I've always felt an affinity for Homer J. though I certainly hope I reach a slightly higher standard. It's surely somehow serendipitous that this is the video I happened to watch next. If Contemplator felt camaraderie for the grad students, then I'm certainly with Homer in this one.

Saturday, September 22, 2007

not so sure

The Boy, upon being informed that there was no milk to go with his peanut butter graham crackers, "Well, that's okay, crackers are good dipped in water too."


Friday, September 21, 2007

tech and soccer

Oh, the joys of modern technology. Momma bought us a new camera for Christmas last year, a lovely thing with all sorts of tricks. We've come up with some pretty cool pictures of the boys playing soccer. We haven't gotten any good derby pictures yet because I suck at trying to do that sort of thing. I haven't figured out how to jump up and down and take pictures at derby bouts, and I just don't have time as I stalk the touch line during soccer games.

Momma discovered the lovely feature that allows you to hold the button down and take a series of pictures. That's how you get over four hundred pictures of a U10 game. It's also how I've learned my team's real need. Nearly every picture seems to be a group of my team, clustered together, kicking like hell at the ball. And I set up our most recent practice based on those pictures.

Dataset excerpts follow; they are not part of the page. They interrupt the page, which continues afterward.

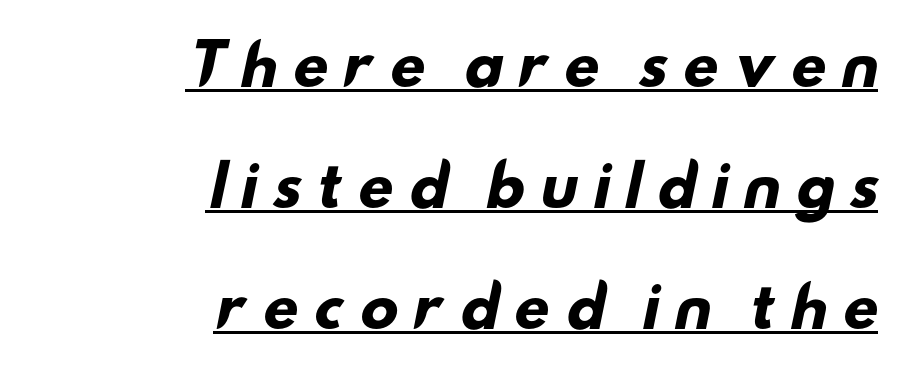
The font is running at its bold setting. Check where the strokes stop: nothing finishes them off — pure sans. This sample uses expanded letter spacing, leaving extra air between glyphs. Emphasis is given by a line drawn under the lettering.
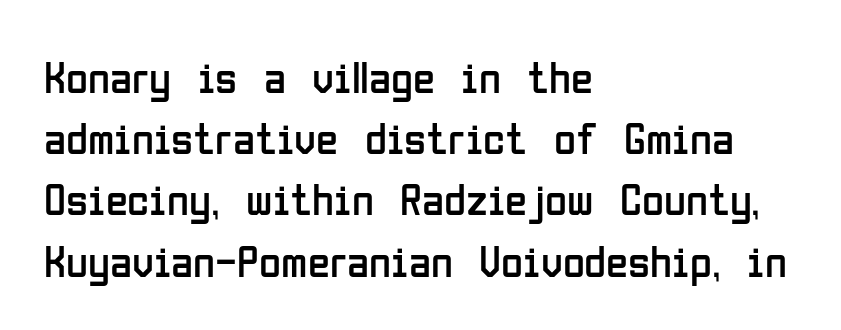
Q: Is the text bold? A: No.
Q: Is the text italic (slanted)? A: No, it is upright.
Q: Is the typeface a serif or a sans-serif typeface? A: Sans-serif.
Q: Is the text underlined? A: No.
Q: How is the paragraph aligned? A: Left-aligned.
Q: Is the spacing between letters normal or unusually wide? A: Normal.
Q: Is the spacing between lines tight, normal or loose? A: Normal.
Q: Width (condensed, normal, or wide)? A: Condensed.
Q: Stroke contrast? A: Low.
Q: x-height? A: Medium.
Q: Monospaced? A: No.
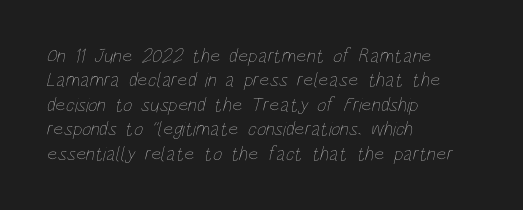
Which margin do the lines hug? The left one — the right edge is uneven. The letters sit at their default tracking, neither squeezed nor spread. The area under the type is left untouched. These glyphs show unthickened strokes, regular width or finer.
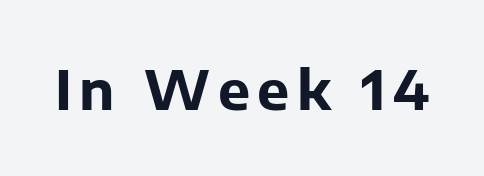
Q: Is the text bold? A: Yes.
Q: Is the text italic (slanted)? A: No, it is upright.
Q: Is the typeface a serif or a sans-serif typeface? A: Sans-serif.
Q: Is the text underlined? A: No.
Q: Width (condensed, normal, or wide)? A: Normal.
Q: Stroke contrast? A: Low.
Q: x-height? A: Medium.
Q: Monospaced? A: No.
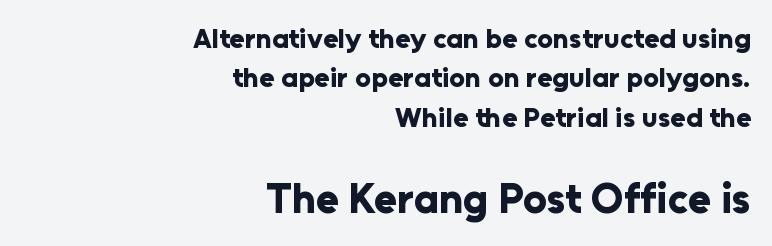
Q: Is the text bold? A: Yes.
Q: Is the text italic (slanted)? A: No, it is upright.
Q: Is the typeface a serif or a sans-serif typeface? A: Sans-serif.
Q: Is the text underlined? A: No.
Q: How is the paragraph aligned? A: Right-aligned.
Q: Is the spacing between letters normal or unusually wide? A: Normal.
Q: Is the spacing between lines tight, normal or loose? A: Normal.
Q: Which block of text is set in a larger size, the first (top) or the second (bottom)? A: The second (bottom) one.
Q: Width (condensed, normal, or wide)? A: Normal.
Q: Stroke contrast? A: Low.
Q: x-height? A: Medium.
Q: Monospaced? A: No.
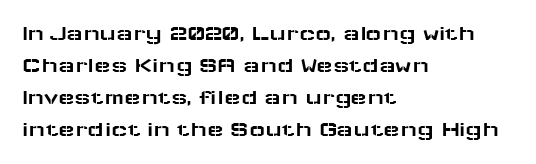
{"italic": "no", "underline": "no", "align": "left", "line_spacing": "normal", "line_spacing_ratio": 1.46, "letter_spacing": "normal", "letter_spacing_em": 0.0, "glyph_px": 22}
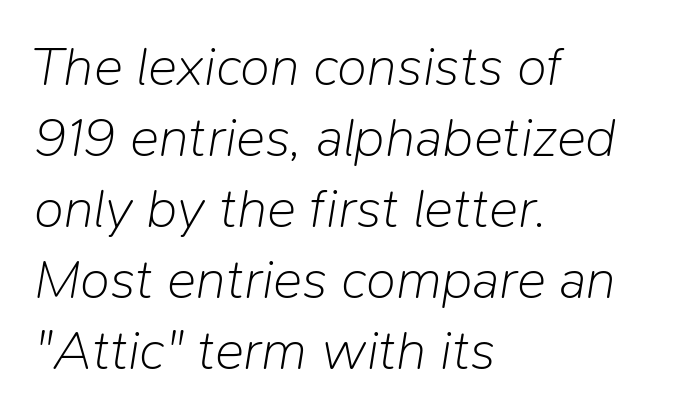
Descenders are the only things crossing below the line. This is not heavy type; no bold has been used. The lettering tilts uniformly, giving the passage an italic look. Leading matches the norm, producing a regular column.
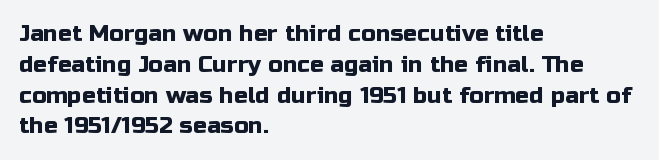
The glyphs are unaccompanied by any horizontal stroke below them. Quick note: not italic, upright. Each word holds together tightly as a unit, with standard inter-letter gaps. The paragraph shown leans on its left margin. Does the leading feel generous? No, just average.
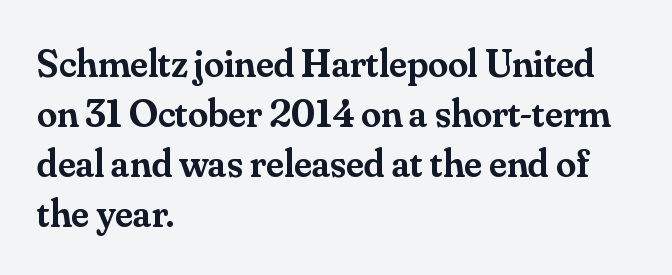
{"serif": "yes", "italic": "no", "bold": "semi", "weight": "semibold", "width": "normal", "stroke_contrast": "medium", "x_height": "small", "monospaced": "no", "underline": "no", "align": "left", "line_spacing": "normal", "line_spacing_ratio": 1.25, "letter_spacing": "normal", "letter_spacing_em": 0.0, "glyph_px": 40}
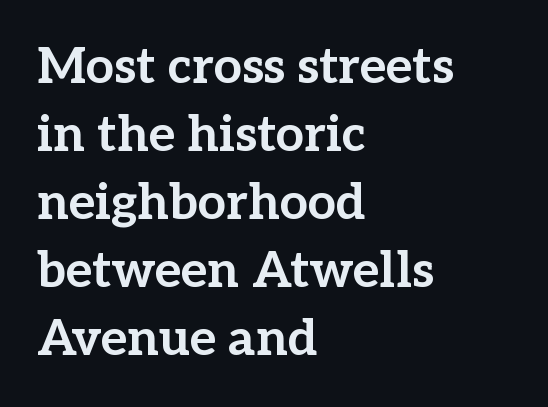
The image shows 50 px bold serif type, upright; set left-aligned, normal line spacing (1.36x), normal letter spacing, not underlined; low stroke contrast and a medium x-height.

I need them to learn position, but I also need them to understand the idea of the team as a whole. One of the things I did was sort of interesting in a not-sure-if-it-made-any-impression-at-all sort of way, but it might possibly have seemed to at least been a good prelude to the practice. I had the team form a circle, each boy standing far enough from the team mate on either side so that they could then hold up a ball between them. I was on the outside and would move around, take steps backward, move side to side, and have the team move toward me. The goal was to move together without dropping any balls. I had to keep an eye on them and try to keep their hands on the sides, as the random hand would slip under the ball making it entirely too easy.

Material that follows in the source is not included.